--- RECORDS FOR THIS EXERCISE ---
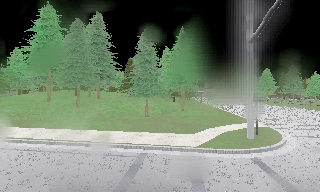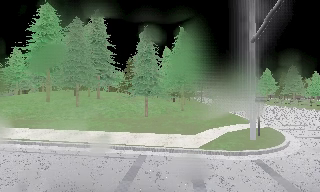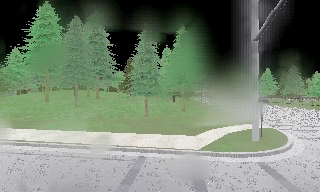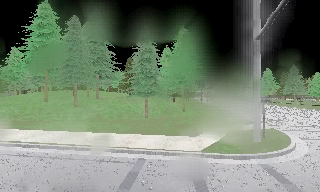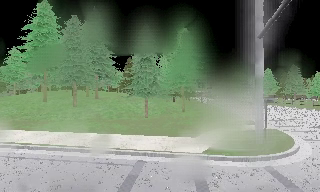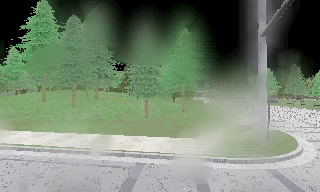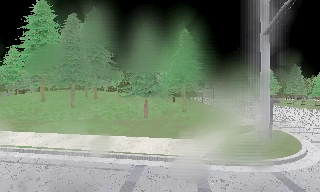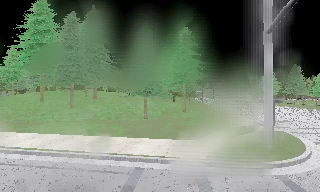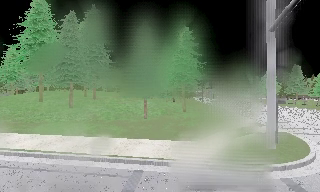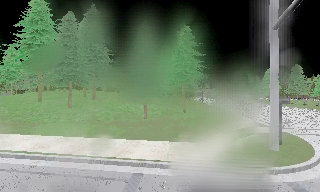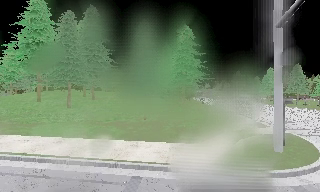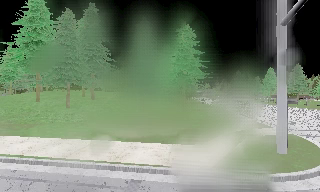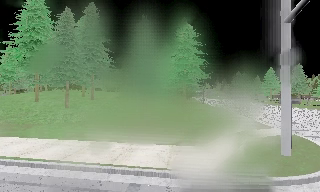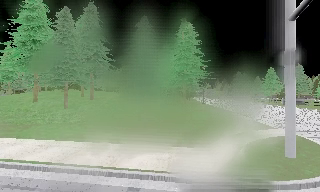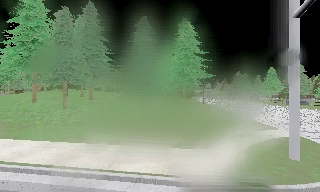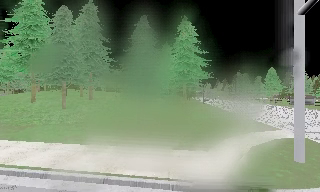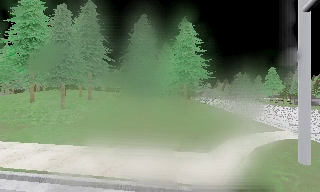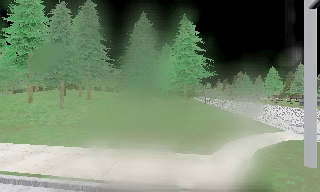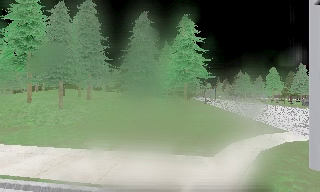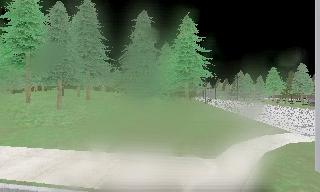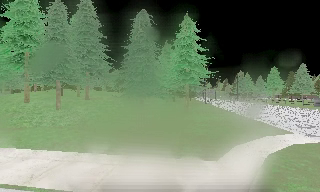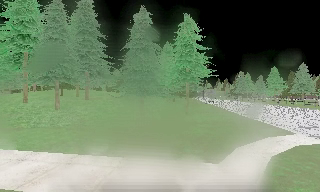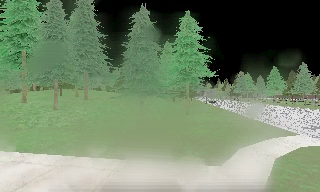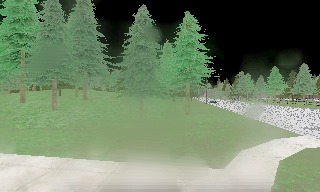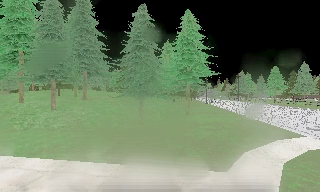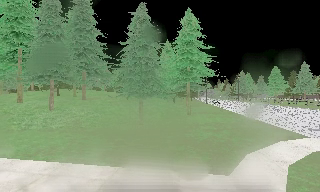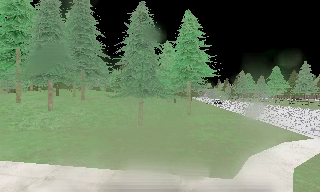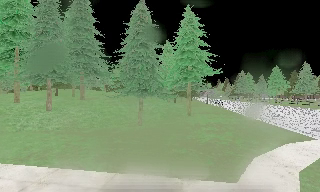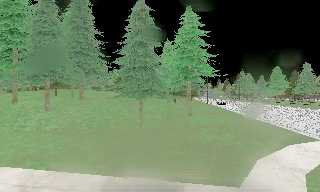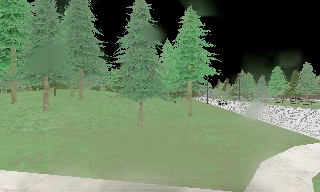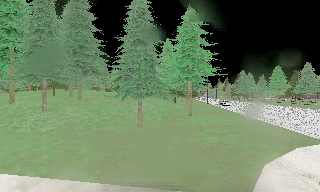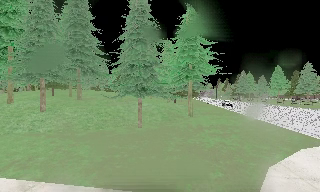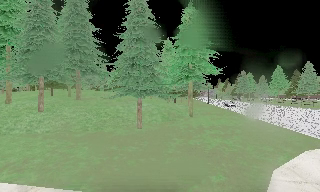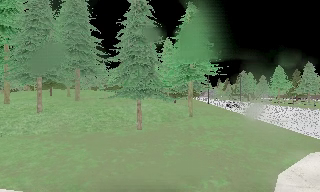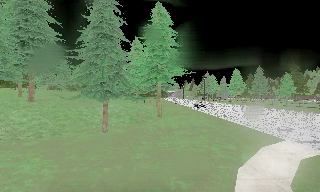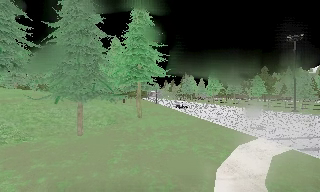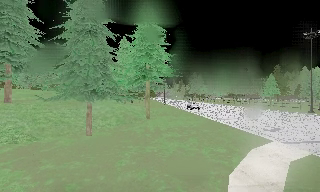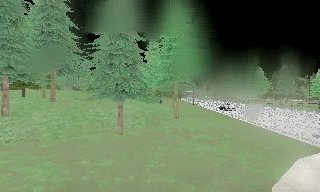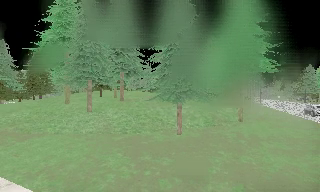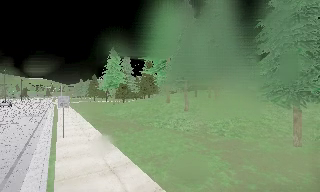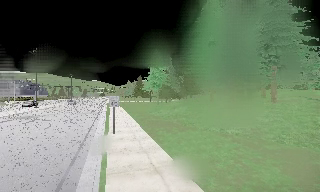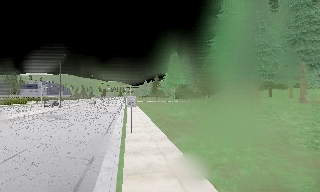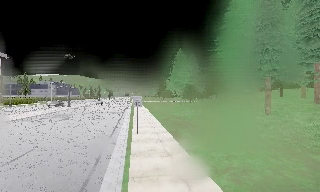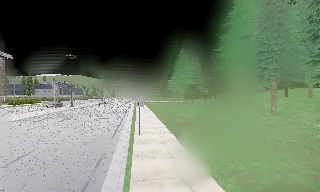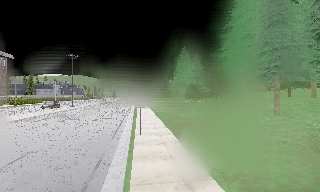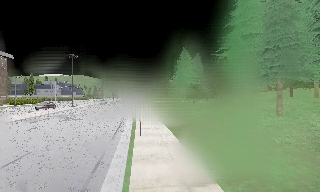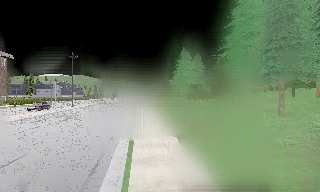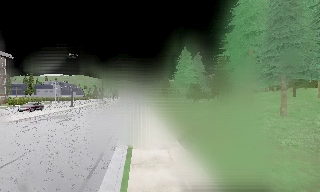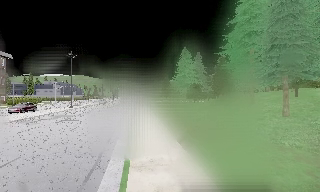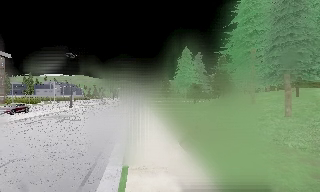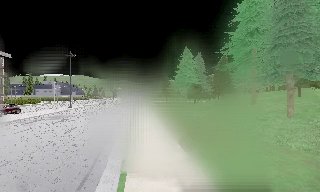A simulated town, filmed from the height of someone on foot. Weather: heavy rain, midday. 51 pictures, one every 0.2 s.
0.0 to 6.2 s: The camera travels forward, about 6 m, so what stands in front looms larger.
6.2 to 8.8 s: The camera swings to its left by about 75 degrees, and the scene slides to the right. It travels forward, about 2.5 m.
8.8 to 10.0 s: The camera travels forward, about 1 m, so what stands in front looms larger.
The film runs forward here.

--- WHAT YOU SHOULD DO ---
Copy the lines above exactly and exclude every image.

--- RESPONSE FOR THIS EXERCISE ---
A simulated town, filmed from the height of someone on foot. Weather: heavy rain, midday. 51 pictures, one every 0.2 s.
0.0 to 6.2 s: The camera travels forward, about 6 m, so what stands in front looms larger.
6.2 to 8.8 s: The camera swings to its left by about 75 degrees, and the scene slides to the right. It travels forward, about 2.5 m.
8.8 to 10.0 s: The camera travels forward, about 1 m, so what stands in front looms larger.
The film runs forward here.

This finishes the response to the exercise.